Site Reliability Engineering Lingo For Newbies
SRE has a vernacular that can take a while for newbies and non-tech stakeholders (e.g. management) to get a grip of. So I'll cover key terms in primer-level detail.
Hey there, fellow SRE fan.
It’s Ash 😉
We will return to our usual programming of understanding SRE issues in-depth shortly, but I need a buffer after the last few
weeks months of putting out fires at work.
As I mentioned earlier, this will be a non-exhaustive explainer of key SRE terms I hear over and over again.
But I hope to offer a different angle to what you may have read before.
After all, my dayjob is literally about getting stakeholder buy-in.
Translation: I have to explain technical issues to non-tech leaders who are constantly glaring at their phones and saying “We’ve got budgets, ya know” at the same time.
On that note, let's begin...
"That last release caused an outage that seriously ate into our error budget!"
SREs are given an error budget. Not the kind my leadership colleagues are thinking of, but it is similar in that it’s something that SREs can “spend” too.
It's an allowance for errors so SREs can experiment, allow systems to fail up (or down depending on how you see it) to the threshold. The idea is that SREs should keep tabs on incidents while keeping this error budget in mind.
Their goal should be to automate away work to reduce error risk.
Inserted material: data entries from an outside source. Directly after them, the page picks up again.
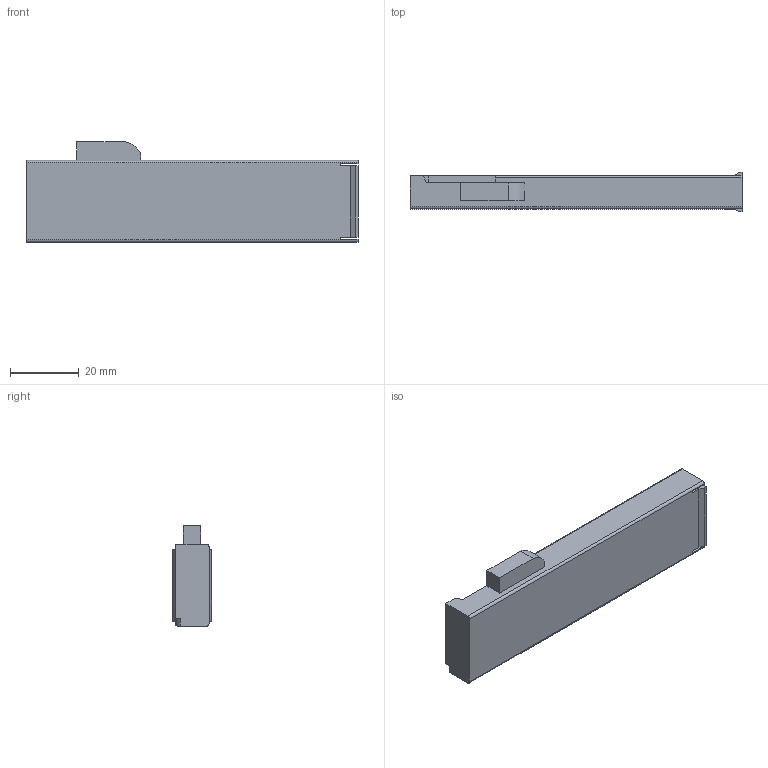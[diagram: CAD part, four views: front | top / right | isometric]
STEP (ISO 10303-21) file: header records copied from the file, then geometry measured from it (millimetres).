
FILE_DESCRIPTION (( 'STEP AP214' ), '1' );
FILE_NAME ('狻累狟裔羞2蜊.STEP', '2025-04-14T13:40:13', ( '' ), ( '' ), 'SwSTEP 2.0', 'SolidWorks 2024', '' );
FILE_SCHEMA (( 'AUTOMOTIVE_DESIGN' ));
Length unit declared in the file: millimetre
Products named in the file (1): 药仓下盖槽2改
Bounding box: 96.5 x 11.5 x 29.25 mm (x, y, z)
Volume: 6415.7 mm3; surface area: 11444.1 mm2
Topology: 1 solids, 1 shells, 44 faces, 129 edges, 86 vertices
Faces by surface type: plane 38, cylinder 4, bspline 2
Entity records: 1480 total; most frequent: CARTESIAN_POINT 289, ORIENTED_EDGE 258, DIRECTION 217, EDGE_CURVE 129, VECTOR 117, LINE 117, VERTEX_POINT 86, AXIS2_PLACEMENT_3D 50
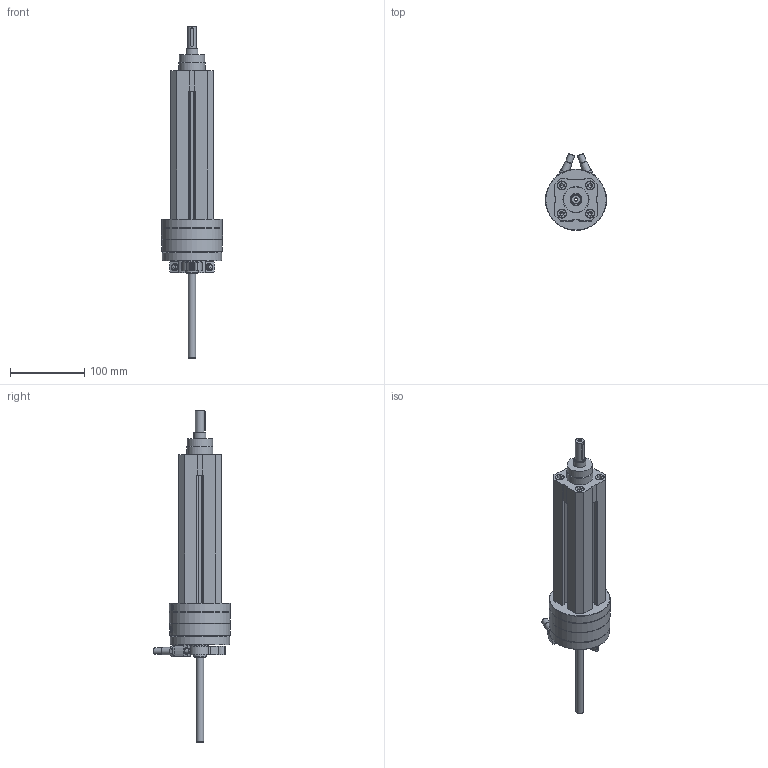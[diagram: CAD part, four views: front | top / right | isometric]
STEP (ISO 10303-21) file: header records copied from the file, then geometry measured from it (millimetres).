
FILE_DESCRIPTION(/* description */ ('STEP AP214'),/* implementation_level */ '2;1');
FILE_NAME(/* name */ '556682_DSL-25-100-270-CC-A-S20-KF-B',/* time_stamp */ '2024-08-21T15:53:07+02:00',/* author */ ('License CC BY-ND 4.0'),/* organization */ ('CADENAS'),/* preprocessor_version */ 'ST-DEVELOPER v19.3',/* originating_system */ 'PARTsolutions',/* authorisation */ ' ');
FILE_SCHEMA (('AUTOMOTIVE_DESIGN {1 0 10303 214 3 1 1}'));
Length unit declared in the file: millimetre
Products named in the file (11): 556682 DSL-25-100-270-CC-A-S20-KF-B---(0_0); 556682 DSL-25-100-270-CC-A-S20-KF-B-100_bz; 702864 DSM-25-BR---(HZ); 548012 DYSC-7-5-Y1F---(SD_0); 256913 DSM-25_NS; DIN-912 - M5x20(F); 396998 YSRW M10X1-3.5-13; 702863 DSM-25-BL---(HZ); 556682 DSL-100-0_k_kf; 306997 DSL; Shim ring DIN 988 17x24x1.5
Assembly tree (16 placements, depth 2):
  556682 DSL-25-100-270-CC-A-S20-KF-B---(0_0)
    556682 DSL-25-100-270-CC-A-S20-KF-B-100_bz
    702864 DSM-25-BR---(HZ)
    548012 DYSC-7-5-Y1F---(SD_0)  x2
    256913 DSM-25_NS  x2
    DIN-912 - M5x20(F)  x2
    396998 YSRW M10X1-3.5-13  x4
    702863 DSM-25-BL---(HZ)
    556682 DSL-100-0_k_kf
    306997 DSL
    Shim ring DIN 988 17x24x1.5
Bounding box: 82 x 103.25 x 446 mm (x, y, z)
Volume: 810944.4 mm3; surface area: 163818.3 mm2
Topology: 16 solids, 18 shells, 531 faces, 1267 edges, 799 vertices
Faces by surface type: plane 285, cylinder 156, cone 88, sphere 2
Full cylindrical faces by diameter (mm): 1.2 x2, 1.567 x2, 3 x2, 4.134 x6, 4.2 x1, 4.917 x4, 5 x2, 5.5 x2, 6 x4, 8.3 x4, 8.5 x2, 8.6 x2, 8.917 x6, 9 x2, 10 x4, 12 x5, 16 x2, 17 x3, 24 x1, 32 x1, 34 x1, 35 x1, 38.5 x1, 49.5 x1, 58 x1, 78 x1, 80 x1, 81.65 x1, 82 x2
Entity records: 12258 total; most frequent: CARTESIAN_POINT 2160, DIRECTION 2129, ORIENTED_EDGE 1816, EDGE_CURVE 908, AXIS2_PLACEMENT_3D 803, VERTEX_POINT 642, FACE_BOUND 600, EDGE_LOOP 593

The budget covers not only the SRE's work but also any issues arising from releases deployed to production by developers. So it's a symbiotic effort to stay within the error budget.
You know what I think about this term based on last week’s post, but let’s power through it. Post-mortems are events SREs undertake after an incident. Like any on-call engineer would, they address incidents as fast and as effectively as possible.
They are then expected to analyse the issue as it happened, trawling through timestamped logs and other data sources for contributing causes. Whatever the cause may be, a key tenet of SRE is that post-mortems are blameless i.e. no human gets blamed or shamed as the cause, conduit or complicit party.
SLO (Service Level Objective)
It's easy to think that it might be similar to an SLA, but it's not. SLAs have too loaded a meaning to allow for psychologically safe engineering practices. Corporate IT folklore has told many of the ramifications of not meeting an SLA.
That means punishing for failure. This goes against SRE's philosophy of learning from failure. SREs can tell they are meeting SLOs by keeping tabs on SLIs, service level indicators which are their metrics for performance.
Not exactly exclusive to the SRE world, but a major aspect of it at least. It's both a reactive and proactive approach to identifying indicators of performance, reliability and availability issues. A higher-level view of the system than monitoring.
SREs will often keep an eye on latency, traffic, errors and saturation across microservices. Some SREs will even keep an eye on real-time user experience as a measure of service performance.
It’s getting more nuanced (and exciting) now with distributed tracing practices like full-stack tracing. I’ll cover this subtopic in my upcoming Uber SRE case study.
Toil aka manual work is something no productive software engineer wants to do day in, day out. Manual work is prone to risk from human fatigue, contempt and inattention during repetitive tasks. SREs take eliminating toil seriously, all the way to a firm target in their work scheduling.
At least 50% of their time should be spent to "make tomorrow better than today" i.e. proactive work. A lot of this work involves running experiments, coding up tools, and planning work like capacity planning.
Now, that you understand (or have reinforced) the unique elements of SRE, you can now reiterate its key ethos to others...
"SRE is what happens when you ask a software engineer to design an operations function", Ben Treynor Sloss, VP of Engineering @ Google.